Intelの副社長兼ゼネラルマネージャーであるマット・ラングマンは記者会見で、「私たちの焦点は顧客が実際のビジネス成果を達成できるようにすることです。私たちは、すべての企業がAI組織に変革し、運用の効率化、製品開発、顧客エンゲージメントを向上させる未来を描いています」と述べました。
Xeon 6と共に、IntelはGaudi 2およびGaudi 3 AIアクセラレーターチップの価格も発表しました。2022年に発表されたGaudi 2を含むAIキットは65,000ドルで販売され、今回発表されたGaudi 3は125,000ドルとなります。
Xeon 6の主な特徴と仕様
Intelは、Xeon 6を「堅牢な計算プラットフォーム」として宣伝しており、現代のデータセンターの増大する要求に応えるために性能と効率を兼ね備えています。このプロセッサーは、AIや高性能計算から、伝統的な企業ソリューションまで、多様なアプリケーションをサポートしつつ、電力効率と高密度を実現します。
Xeon 6チップは、老朽化したデータセンターシステムのモダナイズを目的としており、コスト削減、持続可能性の向上、物理的空間の最適化、革新的なデジタル機能を提供します。高コア数、DDR5による拡張メモリ帯域幅、UPI 2.0やCompute Express Link 2.0などの先進的なインターコネクト技術を搭載し、Xeon 6プロセッサーは多彩なワークロードのサポートを実現しています。P-coreは高性能計算と要求の厳しいAIタスクに最適で、E-coreはクラウドネイティブアプリケーション向けに調整され、密度とワットあたりの性能向上を図っています。
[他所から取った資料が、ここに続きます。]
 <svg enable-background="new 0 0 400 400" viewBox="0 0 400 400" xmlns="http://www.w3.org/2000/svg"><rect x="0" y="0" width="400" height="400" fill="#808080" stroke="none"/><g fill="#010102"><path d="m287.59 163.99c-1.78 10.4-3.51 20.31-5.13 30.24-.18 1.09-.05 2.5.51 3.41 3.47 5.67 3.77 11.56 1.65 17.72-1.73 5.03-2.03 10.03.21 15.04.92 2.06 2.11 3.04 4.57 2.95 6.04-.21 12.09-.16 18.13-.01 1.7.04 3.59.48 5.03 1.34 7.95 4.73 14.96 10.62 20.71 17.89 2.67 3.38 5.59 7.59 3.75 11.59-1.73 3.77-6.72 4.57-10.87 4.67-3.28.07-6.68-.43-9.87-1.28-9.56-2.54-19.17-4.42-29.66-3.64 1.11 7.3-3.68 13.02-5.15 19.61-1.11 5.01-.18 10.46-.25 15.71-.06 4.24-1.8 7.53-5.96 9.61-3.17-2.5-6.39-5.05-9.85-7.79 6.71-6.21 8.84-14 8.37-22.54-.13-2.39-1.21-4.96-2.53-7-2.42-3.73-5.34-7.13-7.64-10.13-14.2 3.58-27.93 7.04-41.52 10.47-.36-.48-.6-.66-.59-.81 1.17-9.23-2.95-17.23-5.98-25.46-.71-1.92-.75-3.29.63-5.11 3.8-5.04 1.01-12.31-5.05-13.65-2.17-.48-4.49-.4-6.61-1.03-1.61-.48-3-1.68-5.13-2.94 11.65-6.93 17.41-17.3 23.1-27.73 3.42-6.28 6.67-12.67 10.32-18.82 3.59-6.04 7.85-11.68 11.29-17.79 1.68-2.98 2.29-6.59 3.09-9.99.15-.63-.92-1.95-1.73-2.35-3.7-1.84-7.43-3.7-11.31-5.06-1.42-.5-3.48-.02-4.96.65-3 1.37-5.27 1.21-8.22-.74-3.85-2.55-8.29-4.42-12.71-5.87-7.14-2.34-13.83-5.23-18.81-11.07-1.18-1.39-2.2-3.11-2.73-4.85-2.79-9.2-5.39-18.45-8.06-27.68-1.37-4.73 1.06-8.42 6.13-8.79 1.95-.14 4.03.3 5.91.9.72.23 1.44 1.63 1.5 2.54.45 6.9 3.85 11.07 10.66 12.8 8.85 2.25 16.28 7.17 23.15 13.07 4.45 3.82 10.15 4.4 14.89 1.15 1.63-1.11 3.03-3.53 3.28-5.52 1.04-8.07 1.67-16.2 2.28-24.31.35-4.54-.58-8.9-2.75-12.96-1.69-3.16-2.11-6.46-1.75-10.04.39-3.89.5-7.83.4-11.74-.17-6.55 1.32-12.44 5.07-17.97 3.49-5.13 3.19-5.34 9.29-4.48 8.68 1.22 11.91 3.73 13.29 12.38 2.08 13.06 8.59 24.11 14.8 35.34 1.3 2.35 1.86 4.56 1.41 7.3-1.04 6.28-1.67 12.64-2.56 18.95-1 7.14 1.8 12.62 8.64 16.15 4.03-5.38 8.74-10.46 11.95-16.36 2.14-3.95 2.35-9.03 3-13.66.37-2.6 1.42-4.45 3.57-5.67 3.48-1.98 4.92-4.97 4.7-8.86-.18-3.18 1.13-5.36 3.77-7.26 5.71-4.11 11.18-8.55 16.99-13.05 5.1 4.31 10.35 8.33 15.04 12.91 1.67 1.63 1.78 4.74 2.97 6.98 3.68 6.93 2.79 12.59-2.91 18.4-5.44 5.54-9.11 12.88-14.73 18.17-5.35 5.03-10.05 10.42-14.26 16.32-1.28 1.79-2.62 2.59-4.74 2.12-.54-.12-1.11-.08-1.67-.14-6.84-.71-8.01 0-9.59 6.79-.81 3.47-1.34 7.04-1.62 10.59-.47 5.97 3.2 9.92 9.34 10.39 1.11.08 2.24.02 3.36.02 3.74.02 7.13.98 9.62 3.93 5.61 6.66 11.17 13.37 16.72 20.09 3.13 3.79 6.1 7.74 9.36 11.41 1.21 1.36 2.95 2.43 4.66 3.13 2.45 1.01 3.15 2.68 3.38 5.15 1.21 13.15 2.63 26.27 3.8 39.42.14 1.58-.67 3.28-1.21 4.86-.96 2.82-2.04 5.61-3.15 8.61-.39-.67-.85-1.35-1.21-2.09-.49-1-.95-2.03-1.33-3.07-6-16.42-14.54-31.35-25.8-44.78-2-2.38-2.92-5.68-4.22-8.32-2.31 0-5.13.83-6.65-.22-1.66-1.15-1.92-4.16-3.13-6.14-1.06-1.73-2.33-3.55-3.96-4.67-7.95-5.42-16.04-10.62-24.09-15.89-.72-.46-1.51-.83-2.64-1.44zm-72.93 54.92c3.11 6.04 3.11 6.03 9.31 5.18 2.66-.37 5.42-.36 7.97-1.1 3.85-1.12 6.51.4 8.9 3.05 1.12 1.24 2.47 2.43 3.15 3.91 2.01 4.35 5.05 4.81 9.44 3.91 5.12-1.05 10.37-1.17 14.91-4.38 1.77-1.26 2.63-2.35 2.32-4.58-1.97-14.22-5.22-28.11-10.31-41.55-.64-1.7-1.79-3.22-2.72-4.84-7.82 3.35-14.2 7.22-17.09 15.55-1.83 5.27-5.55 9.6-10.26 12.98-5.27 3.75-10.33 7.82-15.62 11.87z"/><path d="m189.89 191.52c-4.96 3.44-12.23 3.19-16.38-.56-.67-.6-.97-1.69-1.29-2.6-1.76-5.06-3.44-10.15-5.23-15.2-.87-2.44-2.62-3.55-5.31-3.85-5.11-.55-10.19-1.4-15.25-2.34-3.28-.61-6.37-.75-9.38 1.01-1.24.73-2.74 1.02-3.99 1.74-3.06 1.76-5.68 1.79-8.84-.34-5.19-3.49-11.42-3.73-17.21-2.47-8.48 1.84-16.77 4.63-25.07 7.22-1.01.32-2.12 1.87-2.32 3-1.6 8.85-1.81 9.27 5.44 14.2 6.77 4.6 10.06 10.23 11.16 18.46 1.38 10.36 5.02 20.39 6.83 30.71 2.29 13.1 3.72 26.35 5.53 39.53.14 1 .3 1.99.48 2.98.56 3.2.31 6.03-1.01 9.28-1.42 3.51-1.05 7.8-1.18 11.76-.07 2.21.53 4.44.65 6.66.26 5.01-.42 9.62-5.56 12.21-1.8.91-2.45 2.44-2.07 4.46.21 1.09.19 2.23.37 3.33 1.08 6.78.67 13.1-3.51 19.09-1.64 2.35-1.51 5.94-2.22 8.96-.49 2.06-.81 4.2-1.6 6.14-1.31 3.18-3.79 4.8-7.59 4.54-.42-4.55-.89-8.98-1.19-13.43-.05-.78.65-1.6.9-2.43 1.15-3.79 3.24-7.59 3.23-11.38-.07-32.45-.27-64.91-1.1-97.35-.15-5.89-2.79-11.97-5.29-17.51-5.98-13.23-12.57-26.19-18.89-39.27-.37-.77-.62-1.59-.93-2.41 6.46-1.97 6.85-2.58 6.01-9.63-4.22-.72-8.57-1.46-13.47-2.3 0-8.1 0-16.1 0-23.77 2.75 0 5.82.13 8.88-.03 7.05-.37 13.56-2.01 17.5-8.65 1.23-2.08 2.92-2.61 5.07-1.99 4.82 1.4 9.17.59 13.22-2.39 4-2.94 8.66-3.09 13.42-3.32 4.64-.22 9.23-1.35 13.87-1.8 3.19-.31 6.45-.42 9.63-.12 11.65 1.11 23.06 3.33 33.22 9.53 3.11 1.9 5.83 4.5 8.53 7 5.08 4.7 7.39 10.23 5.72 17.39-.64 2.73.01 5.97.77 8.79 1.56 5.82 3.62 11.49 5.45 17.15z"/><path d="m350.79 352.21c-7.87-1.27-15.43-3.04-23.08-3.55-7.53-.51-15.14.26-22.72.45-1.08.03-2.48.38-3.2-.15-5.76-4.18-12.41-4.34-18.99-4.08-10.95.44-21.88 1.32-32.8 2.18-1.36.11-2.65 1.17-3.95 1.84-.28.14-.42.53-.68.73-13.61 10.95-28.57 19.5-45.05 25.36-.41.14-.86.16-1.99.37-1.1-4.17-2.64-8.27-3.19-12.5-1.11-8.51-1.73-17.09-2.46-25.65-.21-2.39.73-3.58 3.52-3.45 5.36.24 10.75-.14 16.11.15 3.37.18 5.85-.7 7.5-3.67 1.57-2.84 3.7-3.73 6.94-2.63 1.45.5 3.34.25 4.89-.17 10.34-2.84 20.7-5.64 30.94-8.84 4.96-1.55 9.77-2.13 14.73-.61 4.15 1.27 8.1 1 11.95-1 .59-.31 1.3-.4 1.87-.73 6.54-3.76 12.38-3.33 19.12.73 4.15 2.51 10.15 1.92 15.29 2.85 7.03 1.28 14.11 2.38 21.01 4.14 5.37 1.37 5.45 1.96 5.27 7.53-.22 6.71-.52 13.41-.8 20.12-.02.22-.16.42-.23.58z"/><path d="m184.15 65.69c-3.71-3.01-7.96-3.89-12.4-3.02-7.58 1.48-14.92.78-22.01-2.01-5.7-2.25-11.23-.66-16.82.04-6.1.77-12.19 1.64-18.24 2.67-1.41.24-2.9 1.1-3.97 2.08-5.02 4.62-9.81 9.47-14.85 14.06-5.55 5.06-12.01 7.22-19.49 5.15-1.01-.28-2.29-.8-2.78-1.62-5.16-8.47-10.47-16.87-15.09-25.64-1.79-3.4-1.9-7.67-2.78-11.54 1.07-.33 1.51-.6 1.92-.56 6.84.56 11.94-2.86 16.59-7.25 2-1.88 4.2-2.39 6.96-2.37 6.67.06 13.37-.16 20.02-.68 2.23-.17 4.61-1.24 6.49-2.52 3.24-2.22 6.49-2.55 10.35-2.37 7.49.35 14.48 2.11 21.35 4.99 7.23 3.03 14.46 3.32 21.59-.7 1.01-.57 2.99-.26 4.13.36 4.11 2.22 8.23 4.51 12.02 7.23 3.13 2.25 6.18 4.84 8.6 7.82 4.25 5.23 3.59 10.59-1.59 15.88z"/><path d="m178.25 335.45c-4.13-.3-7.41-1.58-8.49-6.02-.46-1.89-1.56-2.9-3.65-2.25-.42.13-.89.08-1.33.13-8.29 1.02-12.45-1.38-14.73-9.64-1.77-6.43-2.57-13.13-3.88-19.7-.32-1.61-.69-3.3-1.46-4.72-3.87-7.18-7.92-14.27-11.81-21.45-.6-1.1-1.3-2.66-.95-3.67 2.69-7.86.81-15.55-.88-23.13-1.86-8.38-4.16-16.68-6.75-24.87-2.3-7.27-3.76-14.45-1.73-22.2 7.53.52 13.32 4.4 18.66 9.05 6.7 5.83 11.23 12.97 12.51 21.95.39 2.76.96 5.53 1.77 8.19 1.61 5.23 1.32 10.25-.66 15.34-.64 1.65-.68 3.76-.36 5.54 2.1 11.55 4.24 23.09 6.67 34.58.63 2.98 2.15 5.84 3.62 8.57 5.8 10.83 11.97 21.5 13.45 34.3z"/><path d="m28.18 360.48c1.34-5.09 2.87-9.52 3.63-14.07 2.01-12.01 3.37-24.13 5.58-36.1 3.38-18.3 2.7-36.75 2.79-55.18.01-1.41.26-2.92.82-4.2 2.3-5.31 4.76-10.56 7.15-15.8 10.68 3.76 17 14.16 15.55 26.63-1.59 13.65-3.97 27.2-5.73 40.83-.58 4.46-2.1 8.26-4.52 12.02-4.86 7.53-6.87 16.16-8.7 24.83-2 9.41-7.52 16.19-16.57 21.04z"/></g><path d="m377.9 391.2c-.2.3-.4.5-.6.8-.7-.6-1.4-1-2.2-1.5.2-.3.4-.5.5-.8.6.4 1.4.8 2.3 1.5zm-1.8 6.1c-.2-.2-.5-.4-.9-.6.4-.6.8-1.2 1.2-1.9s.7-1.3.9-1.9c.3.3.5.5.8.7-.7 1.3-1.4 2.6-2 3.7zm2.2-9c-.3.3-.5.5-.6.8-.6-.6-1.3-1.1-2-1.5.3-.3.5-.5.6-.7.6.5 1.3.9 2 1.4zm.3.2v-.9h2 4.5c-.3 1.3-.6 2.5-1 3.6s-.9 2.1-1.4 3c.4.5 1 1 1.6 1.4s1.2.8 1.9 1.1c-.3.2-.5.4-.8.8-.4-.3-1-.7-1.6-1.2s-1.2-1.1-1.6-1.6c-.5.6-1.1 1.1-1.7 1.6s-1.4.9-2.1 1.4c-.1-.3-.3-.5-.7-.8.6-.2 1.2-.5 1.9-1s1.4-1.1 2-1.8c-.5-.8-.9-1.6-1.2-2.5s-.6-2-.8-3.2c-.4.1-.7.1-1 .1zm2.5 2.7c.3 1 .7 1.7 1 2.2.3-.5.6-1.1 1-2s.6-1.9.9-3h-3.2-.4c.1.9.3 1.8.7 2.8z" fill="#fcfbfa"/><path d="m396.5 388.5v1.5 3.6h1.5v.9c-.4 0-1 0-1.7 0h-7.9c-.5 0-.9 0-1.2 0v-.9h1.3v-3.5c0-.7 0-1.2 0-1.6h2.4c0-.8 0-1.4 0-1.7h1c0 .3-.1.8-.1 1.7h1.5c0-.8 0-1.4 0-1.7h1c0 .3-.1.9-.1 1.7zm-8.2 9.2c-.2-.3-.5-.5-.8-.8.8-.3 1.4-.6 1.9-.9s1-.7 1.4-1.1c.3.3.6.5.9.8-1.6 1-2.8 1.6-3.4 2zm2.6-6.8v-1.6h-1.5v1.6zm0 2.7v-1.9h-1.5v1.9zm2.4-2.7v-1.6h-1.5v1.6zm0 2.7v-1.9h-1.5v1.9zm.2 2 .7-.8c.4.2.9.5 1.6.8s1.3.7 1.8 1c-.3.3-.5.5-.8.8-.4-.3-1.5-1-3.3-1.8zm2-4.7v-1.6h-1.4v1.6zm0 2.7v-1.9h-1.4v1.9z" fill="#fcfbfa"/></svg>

Xeon 6 6700Siriーズと6900Siriーズの違い
Xeon 6(6700Siriーズ)
- コア数: 最大144 E-core / 86 P-core
- ソケットサポート: 1S/2Sおよび4S/8S(P-coreのみ)
- 最大TDP: CPUあたり最大350W
- メモリチャネル: 8チャネル、最大6400 MT/s DDR5、8000 MT/s MCR DIMM(P-core)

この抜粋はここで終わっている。